=== SOURCE DATA ===

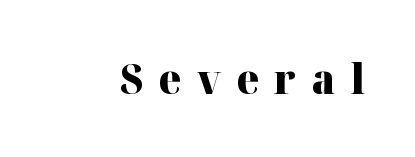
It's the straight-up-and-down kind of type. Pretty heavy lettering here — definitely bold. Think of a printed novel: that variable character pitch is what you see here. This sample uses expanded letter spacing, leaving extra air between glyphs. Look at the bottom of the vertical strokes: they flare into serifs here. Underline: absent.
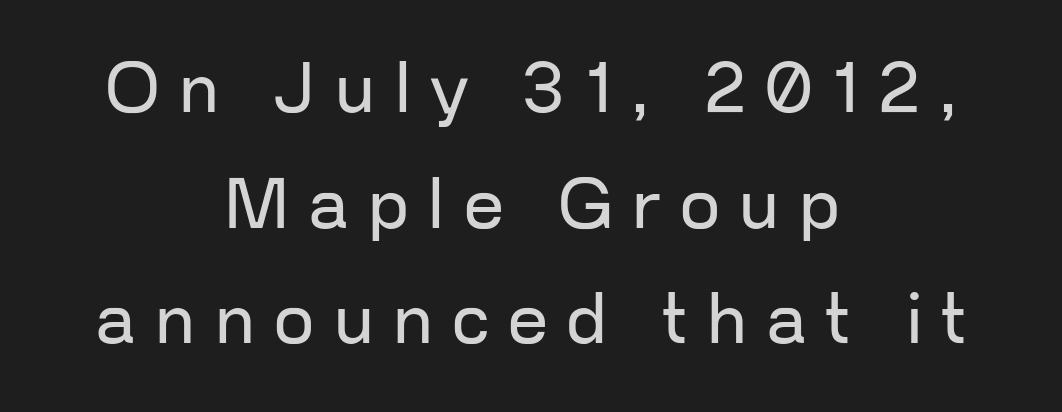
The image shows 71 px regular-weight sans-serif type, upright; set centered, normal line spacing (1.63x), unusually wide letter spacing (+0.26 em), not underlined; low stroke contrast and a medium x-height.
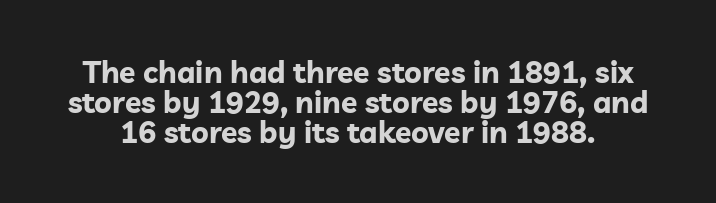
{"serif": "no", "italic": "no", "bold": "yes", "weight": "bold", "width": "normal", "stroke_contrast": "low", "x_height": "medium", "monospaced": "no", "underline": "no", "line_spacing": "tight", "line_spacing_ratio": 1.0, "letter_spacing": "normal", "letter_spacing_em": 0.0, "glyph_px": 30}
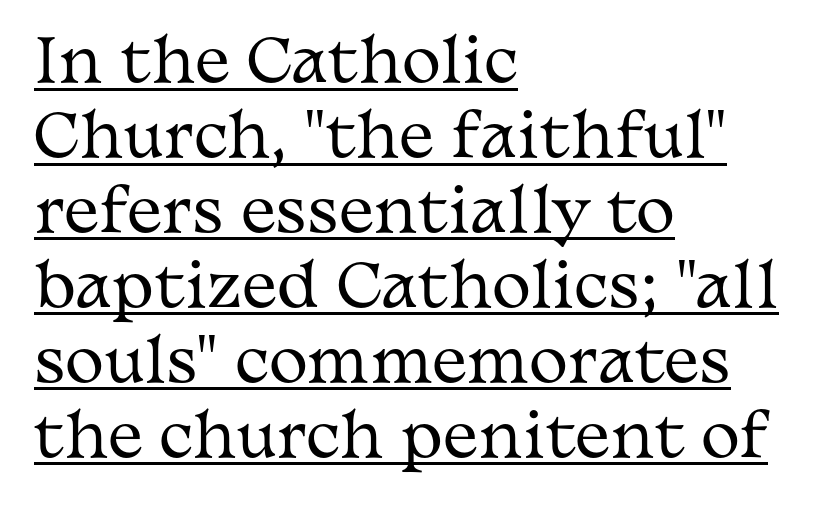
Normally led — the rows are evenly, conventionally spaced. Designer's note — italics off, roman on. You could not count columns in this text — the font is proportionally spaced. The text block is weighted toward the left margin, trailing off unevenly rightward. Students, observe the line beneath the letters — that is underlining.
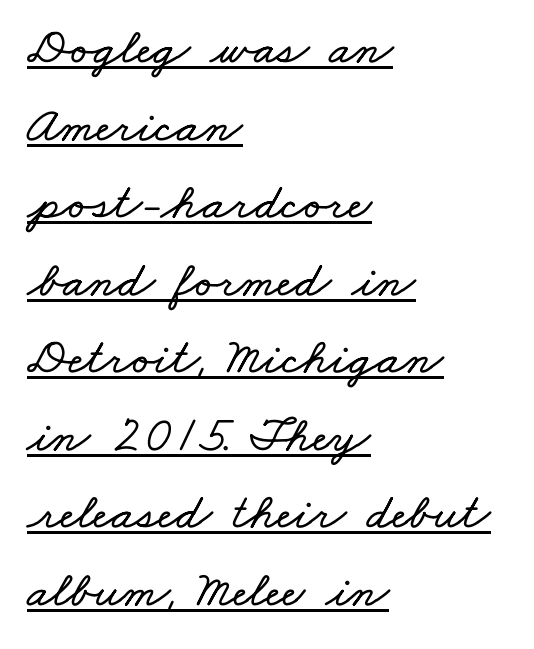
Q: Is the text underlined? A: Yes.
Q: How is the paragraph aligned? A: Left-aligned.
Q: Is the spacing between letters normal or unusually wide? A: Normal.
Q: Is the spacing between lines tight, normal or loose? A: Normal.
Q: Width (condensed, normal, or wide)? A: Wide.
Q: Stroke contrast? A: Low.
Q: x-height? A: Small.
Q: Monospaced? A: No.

===
=== SOURCE DATA ===

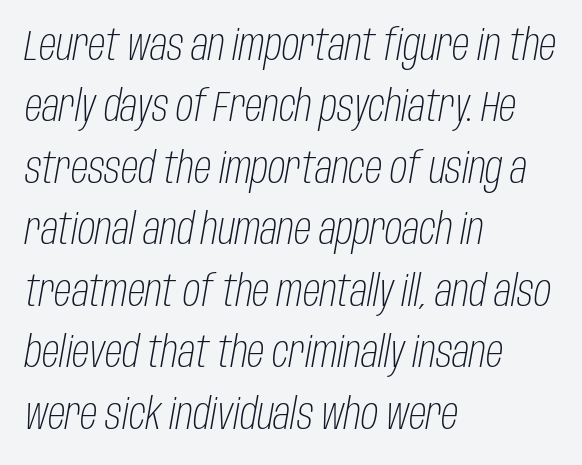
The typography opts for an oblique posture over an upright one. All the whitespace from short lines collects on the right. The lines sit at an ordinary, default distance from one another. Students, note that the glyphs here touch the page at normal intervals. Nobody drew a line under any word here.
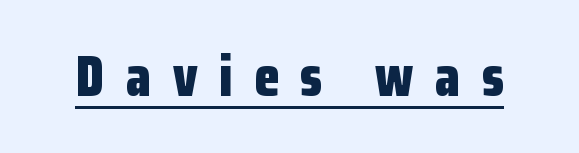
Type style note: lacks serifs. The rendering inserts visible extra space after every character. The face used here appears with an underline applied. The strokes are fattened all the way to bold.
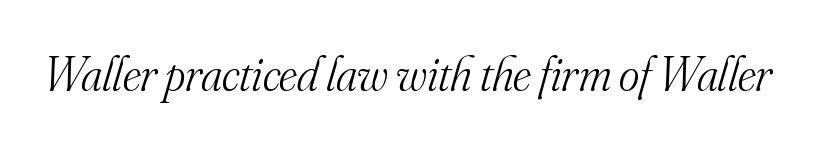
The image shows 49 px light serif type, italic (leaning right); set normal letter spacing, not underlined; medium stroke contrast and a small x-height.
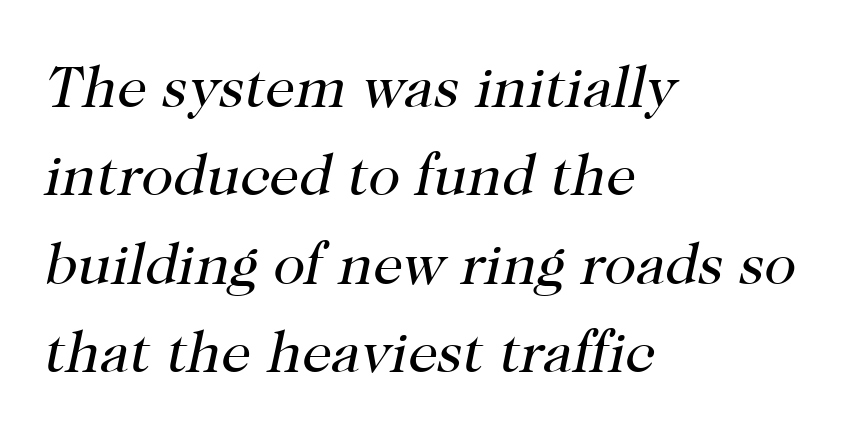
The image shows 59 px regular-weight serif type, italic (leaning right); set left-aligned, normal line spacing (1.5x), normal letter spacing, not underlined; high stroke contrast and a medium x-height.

===
=== SOURCE DATA ===

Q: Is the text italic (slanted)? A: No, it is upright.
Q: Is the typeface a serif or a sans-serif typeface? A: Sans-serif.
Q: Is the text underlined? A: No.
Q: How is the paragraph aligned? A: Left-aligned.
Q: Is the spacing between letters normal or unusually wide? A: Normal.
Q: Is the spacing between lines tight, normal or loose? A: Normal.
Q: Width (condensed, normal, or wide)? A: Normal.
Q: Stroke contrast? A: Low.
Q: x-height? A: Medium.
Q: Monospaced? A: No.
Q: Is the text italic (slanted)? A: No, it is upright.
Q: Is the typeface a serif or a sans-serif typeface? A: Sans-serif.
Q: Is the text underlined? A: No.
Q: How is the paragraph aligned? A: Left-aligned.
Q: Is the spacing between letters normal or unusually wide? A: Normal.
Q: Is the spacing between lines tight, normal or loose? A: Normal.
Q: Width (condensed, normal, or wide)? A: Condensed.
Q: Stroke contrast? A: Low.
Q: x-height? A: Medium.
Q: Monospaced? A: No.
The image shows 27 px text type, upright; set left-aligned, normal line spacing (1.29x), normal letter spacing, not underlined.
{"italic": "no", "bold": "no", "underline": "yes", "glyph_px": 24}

===

• _INSTRUCTIONS FOR THE TASK_
The lines you return should be those above that contain the word "extra", every one of them.

• _RESPONSE_
It's the straight-up-and-down kind of type. Pretty heavy lettering here — definitely bold. Think of a printed novel: that variable character pitch is what you see here. This sample uses expanded letter spacing, leaving extra air between glyphs. Look at the bottom of the vertical strokes: they flare into serifs here. Underline: absent.
Type style note: lacks serifs. The rendering inserts visible extra space after every character. The face used here appears with an underline applied. The strokes are fattened all the way to bold.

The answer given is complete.